**AIM OF THE EXERCISE:**
A faithful, complete copy of the entries below is required, with images removed.

━━ RECORDS FOR THE EXERCISE ━━

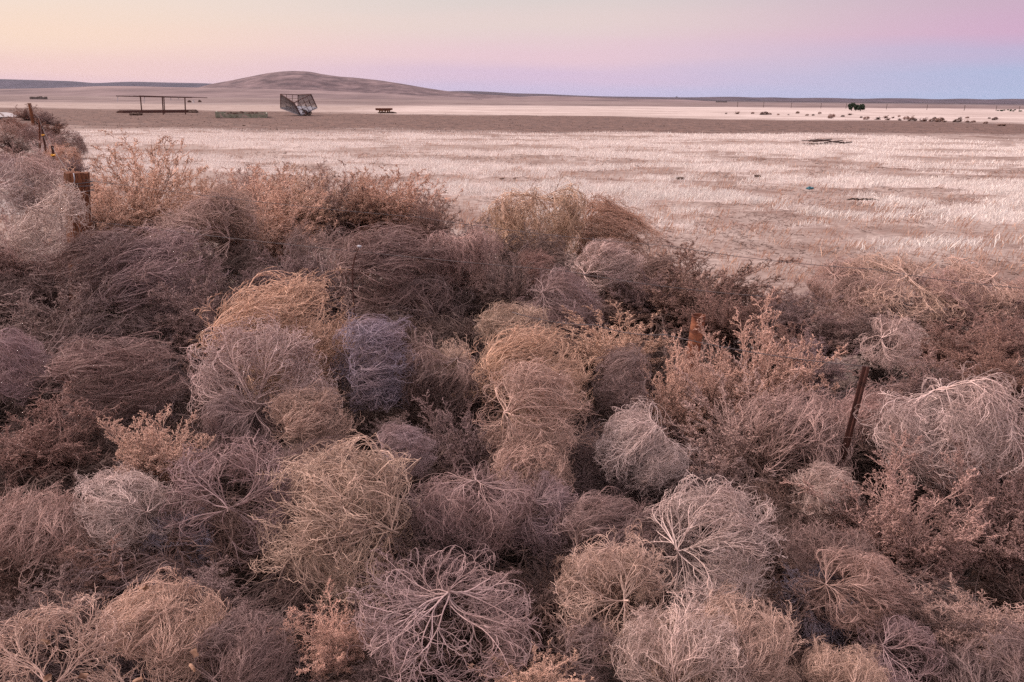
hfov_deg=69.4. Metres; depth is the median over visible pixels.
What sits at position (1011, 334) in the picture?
dry bush
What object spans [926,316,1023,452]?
buried tumbleweed
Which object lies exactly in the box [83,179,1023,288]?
fence wire
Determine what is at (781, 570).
buried tumbleweed
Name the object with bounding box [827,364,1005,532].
buried tumbleweed
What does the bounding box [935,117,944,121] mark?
shrub
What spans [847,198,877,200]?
broken branch
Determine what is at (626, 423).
tumbleweed
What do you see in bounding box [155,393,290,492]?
buried tumbleweed
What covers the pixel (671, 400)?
dry bush
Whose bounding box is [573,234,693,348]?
buried tumbleweed
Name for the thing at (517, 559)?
buried tumbleweed
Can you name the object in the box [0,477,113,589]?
tumbleweed
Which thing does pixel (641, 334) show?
fence wire
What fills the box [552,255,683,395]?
buried tumbleweed
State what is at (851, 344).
dry bush
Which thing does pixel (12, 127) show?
dry bush
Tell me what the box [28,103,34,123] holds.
wooden post
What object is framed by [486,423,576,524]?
tumbleweed
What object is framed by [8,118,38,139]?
dry bush
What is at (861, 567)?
tumbleweed
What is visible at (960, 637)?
dry bush
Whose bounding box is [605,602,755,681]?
tumbleweed
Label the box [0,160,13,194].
dry bush
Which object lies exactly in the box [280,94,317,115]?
cage trailer
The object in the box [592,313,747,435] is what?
buried tumbleweed
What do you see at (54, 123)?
dry bush
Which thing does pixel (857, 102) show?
ridge
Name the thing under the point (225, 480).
buried tumbleweed
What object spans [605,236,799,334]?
dry bush
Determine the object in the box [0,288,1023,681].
brush litter
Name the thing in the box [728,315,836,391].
buried tumbleweed
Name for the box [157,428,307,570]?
tumbleweed
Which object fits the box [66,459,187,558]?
tumbleweed
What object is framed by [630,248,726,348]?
buried tumbleweed
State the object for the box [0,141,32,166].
dry bush
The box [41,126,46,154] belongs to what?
steel post
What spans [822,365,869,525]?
steel post
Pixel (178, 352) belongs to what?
buried tumbleweed
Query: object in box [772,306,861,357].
dry bush
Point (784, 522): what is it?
dry bush
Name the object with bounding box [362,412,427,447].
dry bush
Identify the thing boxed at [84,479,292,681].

━━━

**ANSWER TO THIS EXERCISE:**
hfov_deg=69.4. Metres; depth is the median over visible pixels.
What sits at position (1011, 334) in the picture?
dry bush
What object spans [926,316,1023,452]?
buried tumbleweed
Which object lies exactly in the box [83,179,1023,288]?
fence wire
Determine what is at (781, 570).
buried tumbleweed
Name the object with bounding box [827,364,1005,532].
buried tumbleweed
What does the bounding box [935,117,944,121] mark?
shrub
What spans [847,198,877,200]?
broken branch
Determine what is at (626, 423).
tumbleweed
What do you see in bounding box [155,393,290,492]?
buried tumbleweed
What covers the pixel (671, 400)?
dry bush
Whose bounding box is [573,234,693,348]?
buried tumbleweed
Name for the thing at (517, 559)?
buried tumbleweed
Can you name the object in the box [0,477,113,589]?
tumbleweed
Which thing does pixel (641, 334) show?
fence wire
What fills the box [552,255,683,395]?
buried tumbleweed
State what is at (851, 344).
dry bush
Which thing does pixel (12, 127) show?
dry bush
Tell me what the box [28,103,34,123] holds.
wooden post
What object is framed by [486,423,576,524]?
tumbleweed
What object is framed by [8,118,38,139]?
dry bush
What is at (861, 567)?
tumbleweed
What is visible at (960, 637)?
dry bush
Whose bounding box is [605,602,755,681]?
tumbleweed
Label the box [0,160,13,194].
dry bush
Which object lies exactly in the box [280,94,317,115]?
cage trailer
The object in the box [592,313,747,435] is what?
buried tumbleweed
What do you see at (54, 123)?
dry bush
Which thing does pixel (857, 102) show?
ridge
Name the thing under the point (225, 480).
buried tumbleweed
What object spans [605,236,799,334]?
dry bush
Determine the object in the box [0,288,1023,681].
brush litter
Name the thing in the box [728,315,836,391].
buried tumbleweed
Name for the box [157,428,307,570]?
tumbleweed
Which object fits the box [66,459,187,558]?
tumbleweed
What object is framed by [630,248,726,348]?
buried tumbleweed
State the object for the box [0,141,32,166].
dry bush
The box [41,126,46,154] belongs to what?
steel post
What spans [822,365,869,525]?
steel post
Pixel (178, 352) belongs to what?
buried tumbleweed
Query: object in box [772,306,861,357].
dry bush
Point (784, 522): what is it?
dry bush
Name the object with bounding box [362,412,427,447].
dry bush
Identify the thing boxed at [84,479,292,681].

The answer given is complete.